» **What needs to be done**: Your answer must be an exact copy of the records, minus any pictures.

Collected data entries
▽
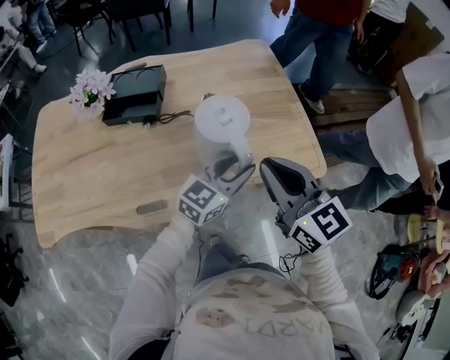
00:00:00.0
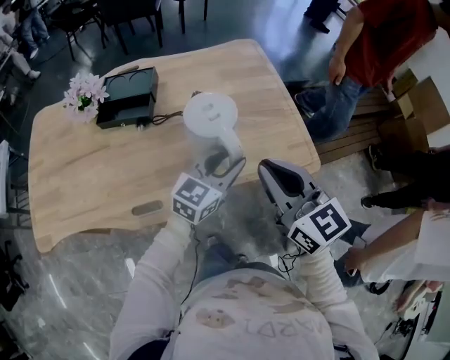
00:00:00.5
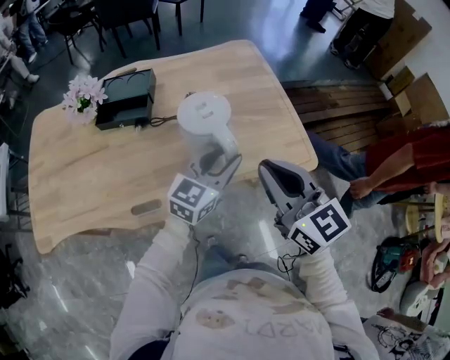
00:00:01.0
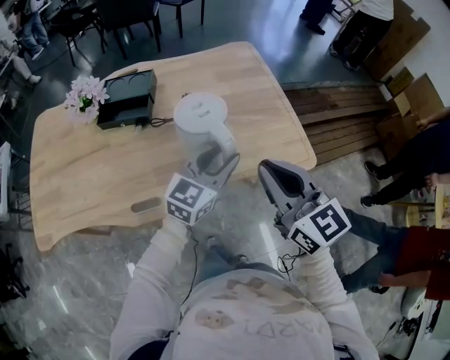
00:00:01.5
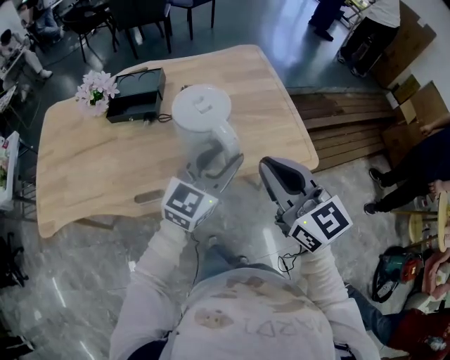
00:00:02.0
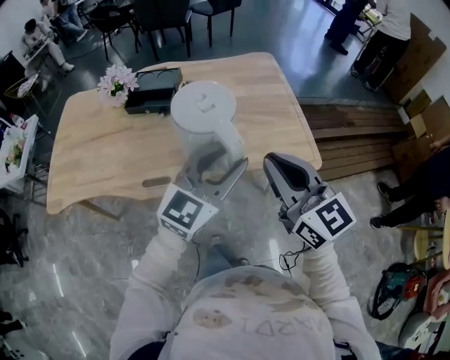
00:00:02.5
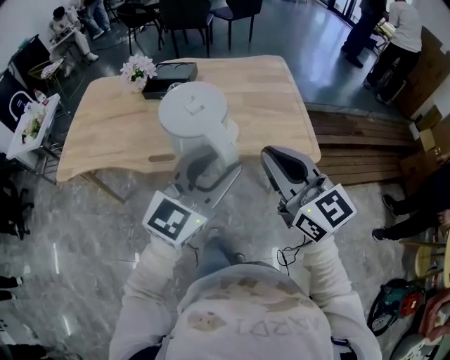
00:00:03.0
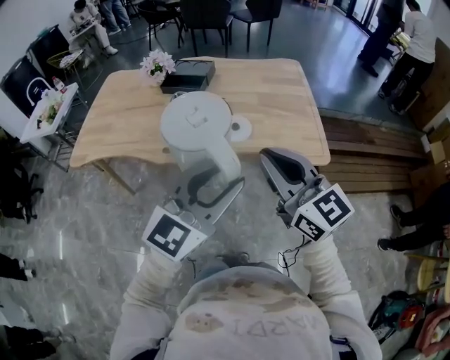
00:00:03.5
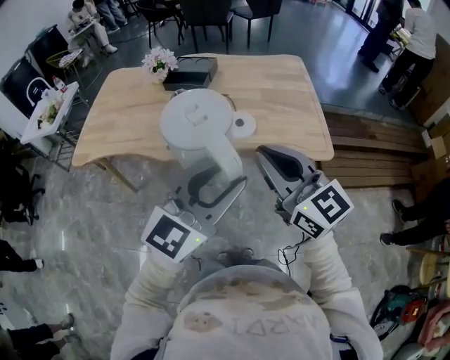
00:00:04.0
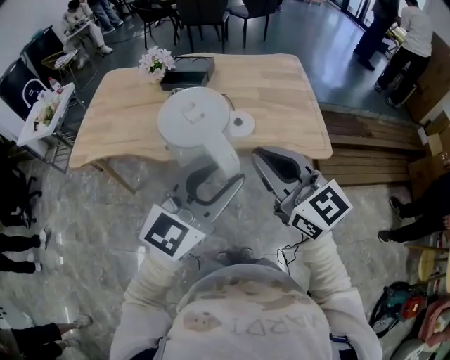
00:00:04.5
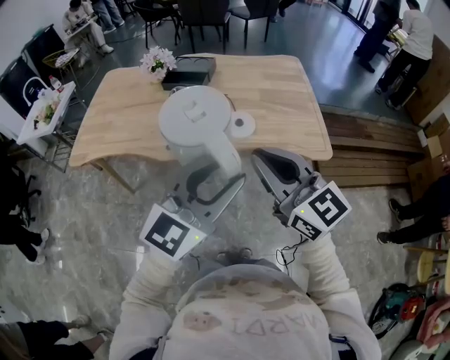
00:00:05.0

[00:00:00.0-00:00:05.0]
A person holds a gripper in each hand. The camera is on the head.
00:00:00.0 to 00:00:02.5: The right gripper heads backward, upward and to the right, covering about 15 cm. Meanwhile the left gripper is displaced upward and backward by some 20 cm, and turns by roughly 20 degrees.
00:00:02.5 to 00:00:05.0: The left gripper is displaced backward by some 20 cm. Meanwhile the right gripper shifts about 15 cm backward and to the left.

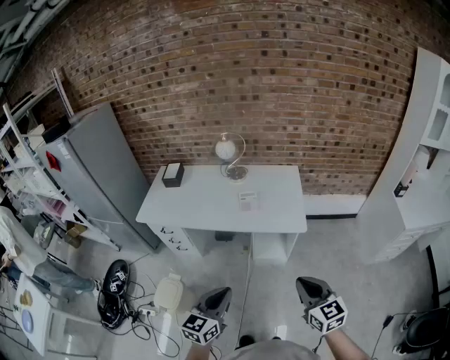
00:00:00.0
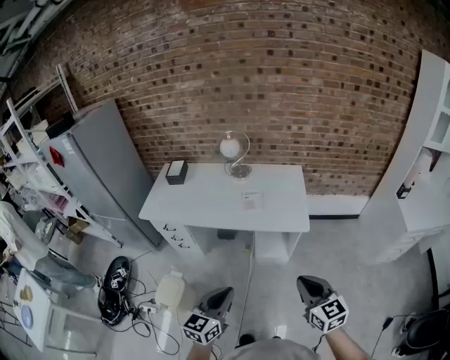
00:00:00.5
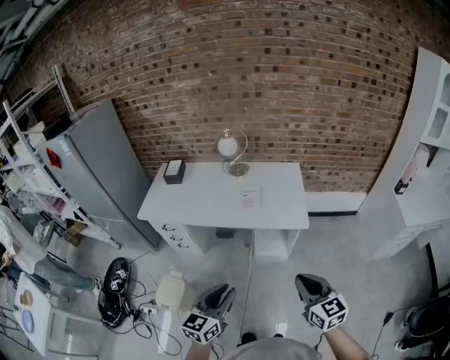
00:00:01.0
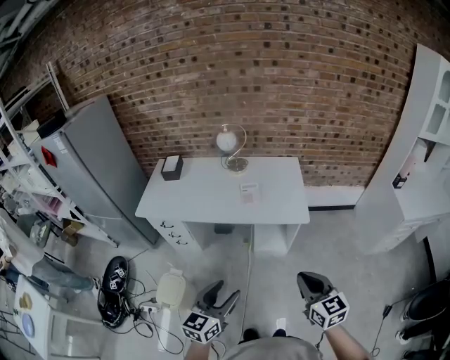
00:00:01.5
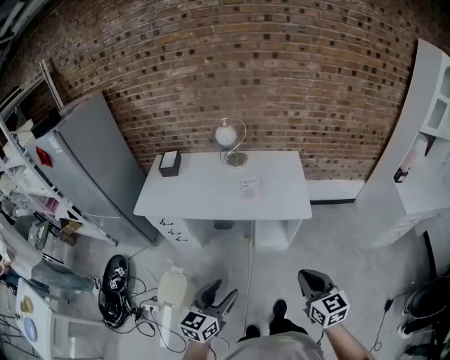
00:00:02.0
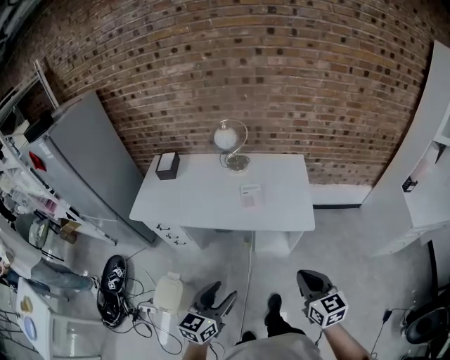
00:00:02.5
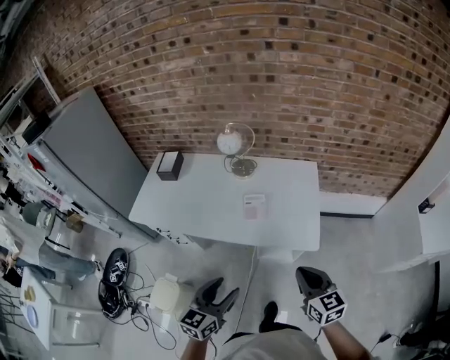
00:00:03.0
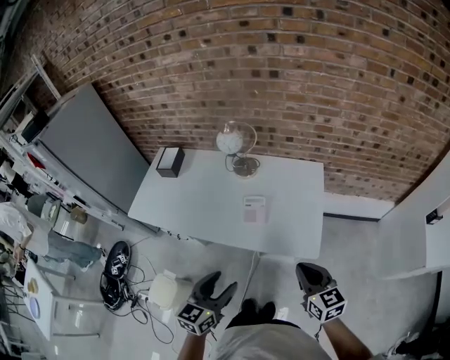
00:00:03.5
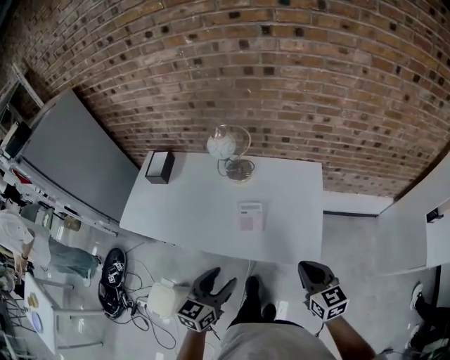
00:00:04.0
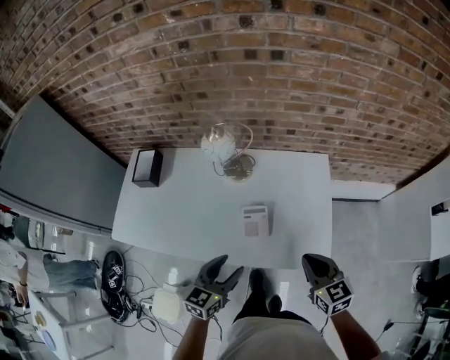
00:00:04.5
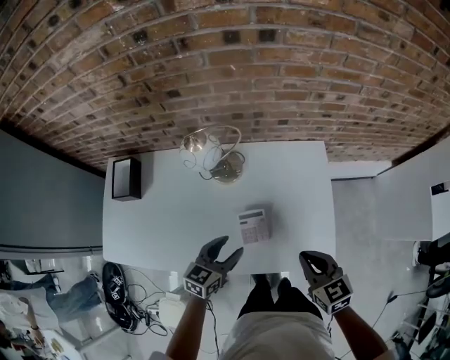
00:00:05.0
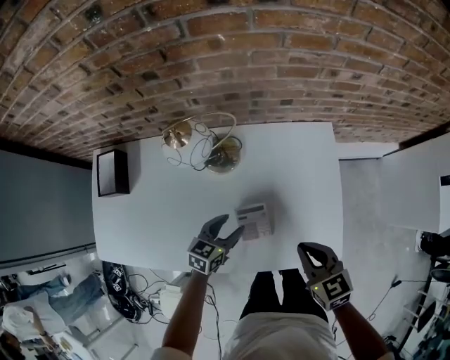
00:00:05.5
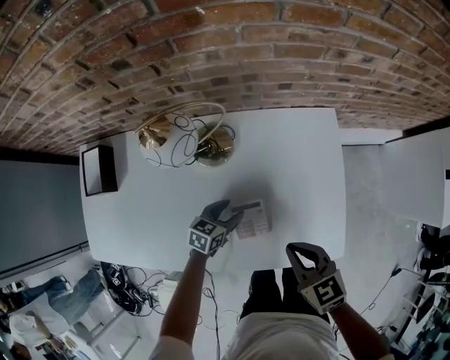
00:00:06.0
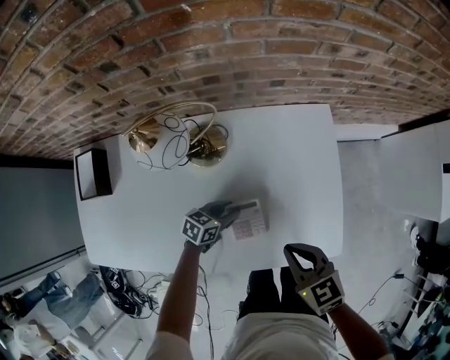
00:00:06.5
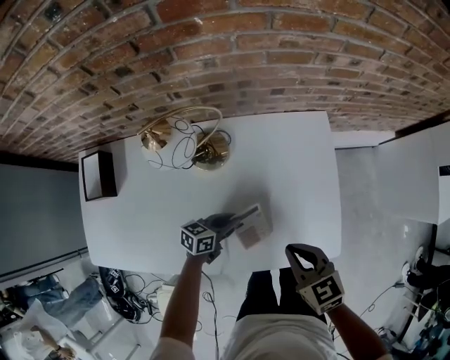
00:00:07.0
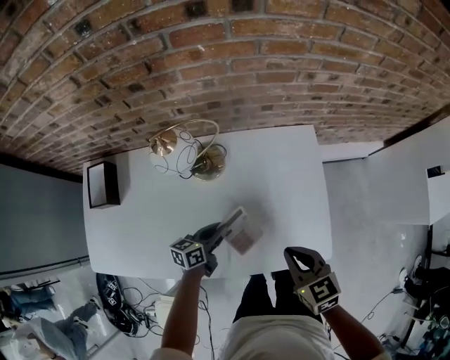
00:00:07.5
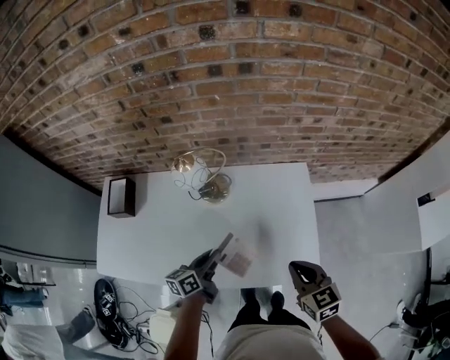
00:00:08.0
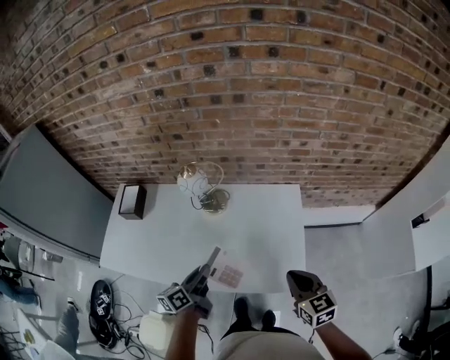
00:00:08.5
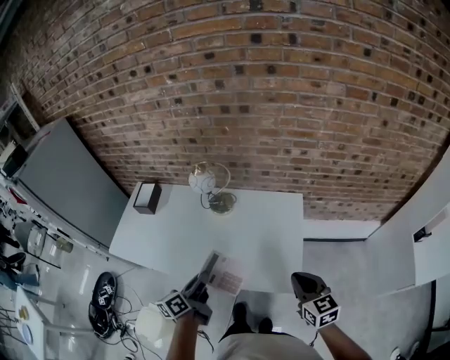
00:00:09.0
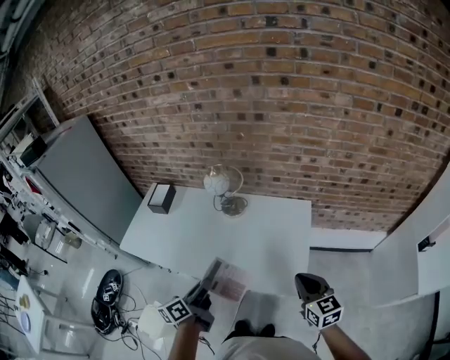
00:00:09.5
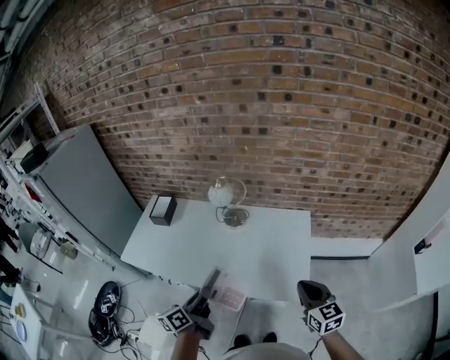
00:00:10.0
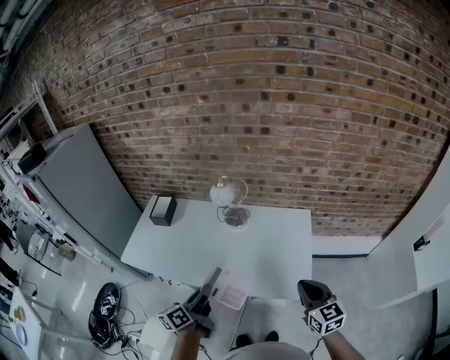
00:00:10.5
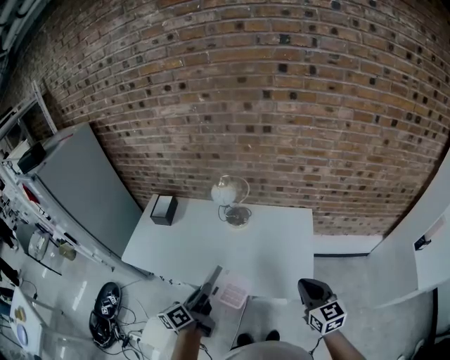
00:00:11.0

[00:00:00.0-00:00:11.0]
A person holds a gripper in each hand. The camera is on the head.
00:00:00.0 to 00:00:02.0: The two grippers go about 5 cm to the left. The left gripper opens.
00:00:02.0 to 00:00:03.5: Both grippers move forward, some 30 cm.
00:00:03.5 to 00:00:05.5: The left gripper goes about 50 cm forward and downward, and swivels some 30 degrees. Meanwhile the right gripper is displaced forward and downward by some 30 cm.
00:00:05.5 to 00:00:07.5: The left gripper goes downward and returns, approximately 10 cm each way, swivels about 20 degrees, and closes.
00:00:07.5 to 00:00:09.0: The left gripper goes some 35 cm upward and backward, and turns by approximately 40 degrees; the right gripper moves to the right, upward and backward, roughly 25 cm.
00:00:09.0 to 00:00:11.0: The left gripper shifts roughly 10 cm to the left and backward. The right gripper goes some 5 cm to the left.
△
» **Exercise output**:
00:00:00.0
00:00:00.5
00:00:01.0
00:00:01.5
00:00:02.0
00:00:02.5
00:00:03.0
00:00:03.5
00:00:04.0
00:00:04.5
00:00:05.0

[00:00:00.0-00:00:05.0]
A person holds a gripper in each hand. The camera is on the head.
00:00:00.0 to 00:00:02.5: The right gripper heads backward, upward and to the right, covering about 15 cm. Meanwhile the left gripper is displaced upward and backward by some 20 cm, and turns by roughly 20 degrees.
00:00:02.5 to 00:00:05.0: The left gripper is displaced backward by some 20 cm. Meanwhile the right gripper shifts about 15 cm backward and to the left.

00:00:00.0
00:00:00.5
00:00:01.0
00:00:01.5
00:00:02.0
00:00:02.5
00:00:03.0
00:00:03.5
00:00:04.0
00:00:04.5
00:00:05.0
00:00:05.5
00:00:06.0
00:00:06.5
00:00:07.0
00:00:07.5
00:00:08.0
00:00:08.5
00:00:09.0
00:00:09.5
00:00:10.0
00:00:10.5
00:00:11.0

[00:00:00.0-00:00:11.0]
A person holds a gripper in each hand. The camera is on the head.
00:00:00.0 to 00:00:02.0: The two grippers go about 5 cm to the left. The left gripper opens.
00:00:02.0 to 00:00:03.5: Both grippers move forward, some 30 cm.
00:00:03.5 to 00:00:05.5: The left gripper goes about 50 cm forward and downward, and swivels some 30 degrees. Meanwhile the right gripper is displaced forward and downward by some 30 cm.
00:00:05.5 to 00:00:07.5: The left gripper goes downward and returns, approximately 10 cm each way, swivels about 20 degrees, and closes.
00:00:07.5 to 00:00:09.0: The left gripper goes some 35 cm upward and backward, and turns by approximately 40 degrees; the right gripper moves to the right, upward and backward, roughly 25 cm.
00:00:09.0 to 00:00:11.0: The left gripper shifts roughly 10 cm to the left and backward. The right gripper goes some 5 cm to the left.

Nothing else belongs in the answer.